Shakespeare introduces his play with a Prologue that is spoken by a Chorus. In Renaissance drama, the chorus was a single actor (an actor who would also play one of the other roles in the play). This is different from Classical Greek drama, where the chorus was a group of individuals often speaking in unison. However, like the chorus in Greek times, the chorus plays the crucial role of establishing the setting since Renaissance drama, like its Greek counterpart, was performed on a bare stage and the audience had to rely on their imagination to envision the locations where the action is performed. More importantly, and also like the Greek tragedies, the chorus also serves the function of providing foreshadowing. Audiences did not attend plays because they expected surprise endings. Rather, they attended because they wanted to see how the conflict develops and how the characters respond to that conflict.

In the first line of the prologue the Chorus informs the audience that the two families involved, the Montagues and the Capulets, are “both alike in dignity.” The word dignity refers to social status. The families are aristocratic and, therefore (according to English custom), honorable. Shakespeare, however, probably also intends an ironic meaning of the word as well. The two families are involved in a family feud, and being involved in such a feud brings no dignity and no honor with it.

The Chorus describes Romeo and Juliet as a “pair of star-crossed lovers” (line 6). He is indicating that their fate or destiny (from the astrological belief that everyone’s life is predetermined by the alignment of the planets and stars at the time of one’s birth) will be crossed. The word crossed here suggests that the lover’s fate will be afflicted or in conflict. He adds that their story will be piteous (line 7) and marked by their deaths (9).

Further, the Chorus informs the audience that the story is also about hate (indicated by the word rage in line 10). The hatred between the Montagues and the Capulets will end with the deaths of young Romeo and Juliet. Only an extremely violent and tragic circumstance is capable of ending the extremely foolish behavior of the two warring families.

Tragedy is typically marked by the fall of the protagonist.

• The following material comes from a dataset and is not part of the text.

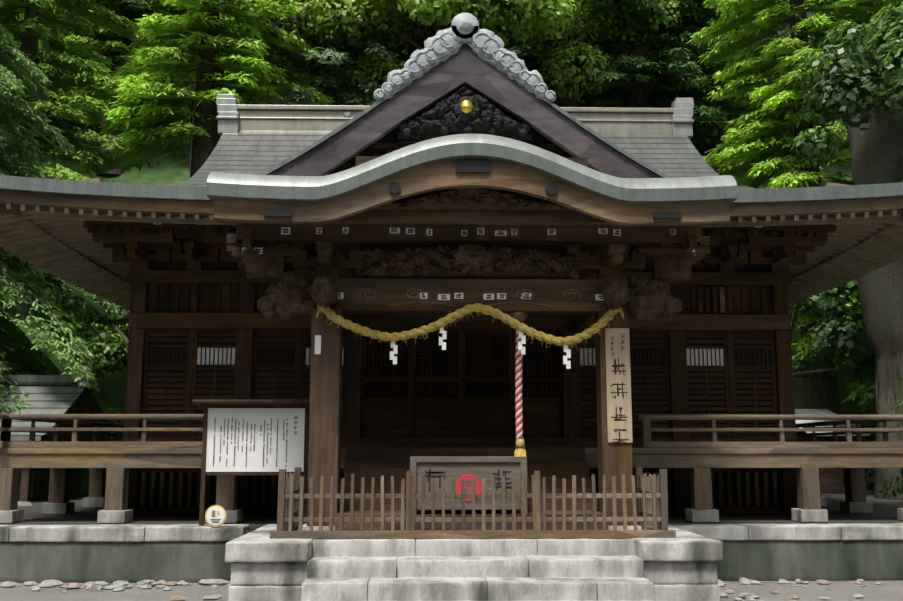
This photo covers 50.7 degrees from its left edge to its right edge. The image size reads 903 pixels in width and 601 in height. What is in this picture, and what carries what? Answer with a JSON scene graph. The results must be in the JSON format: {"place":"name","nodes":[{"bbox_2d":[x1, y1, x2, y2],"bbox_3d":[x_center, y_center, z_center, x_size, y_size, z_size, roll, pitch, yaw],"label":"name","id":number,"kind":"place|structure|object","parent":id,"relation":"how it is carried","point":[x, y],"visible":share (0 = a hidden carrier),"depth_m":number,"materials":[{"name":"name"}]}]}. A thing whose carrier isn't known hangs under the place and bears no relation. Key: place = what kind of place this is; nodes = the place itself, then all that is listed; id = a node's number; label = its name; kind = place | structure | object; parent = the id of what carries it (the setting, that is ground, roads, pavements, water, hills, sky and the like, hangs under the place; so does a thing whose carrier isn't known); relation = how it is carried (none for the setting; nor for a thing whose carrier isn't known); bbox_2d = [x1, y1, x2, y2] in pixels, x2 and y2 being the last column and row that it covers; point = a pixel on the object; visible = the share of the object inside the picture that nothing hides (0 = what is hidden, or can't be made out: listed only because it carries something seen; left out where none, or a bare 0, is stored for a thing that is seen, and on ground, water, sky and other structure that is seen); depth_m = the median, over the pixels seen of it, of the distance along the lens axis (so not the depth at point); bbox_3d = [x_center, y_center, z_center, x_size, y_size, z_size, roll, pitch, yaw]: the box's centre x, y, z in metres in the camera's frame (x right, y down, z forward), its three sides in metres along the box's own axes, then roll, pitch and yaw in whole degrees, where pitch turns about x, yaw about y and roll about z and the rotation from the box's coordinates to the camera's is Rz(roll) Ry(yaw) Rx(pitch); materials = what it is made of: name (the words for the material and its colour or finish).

The fall is one from honor and status. Shakespeare, in a sense, alters the tradition in tragedy because the fall from honor happens to the parents, not the protagonists Romeo and Juliet. The parents’ fall has already started at the beginning of the tragedy (with their involvement in the feud), but that fall becomes complete with the loss of their children. Only with their children’s deaths do the parents realize just how foolishly and dishonorably they have been behaving throughout the course of their lives.

Romeo and Juliet

One other comment needs be said about the prologue. It is a sonnet. A sonnet is a fourteen-line poem written in iambic pentameter and having a fixed rhyme scheme. The prologue thus establishes the richly poetic nature of the entire play. Poetry is all about the expression of powerful emotion, and love is one of the most powerful emotions of all.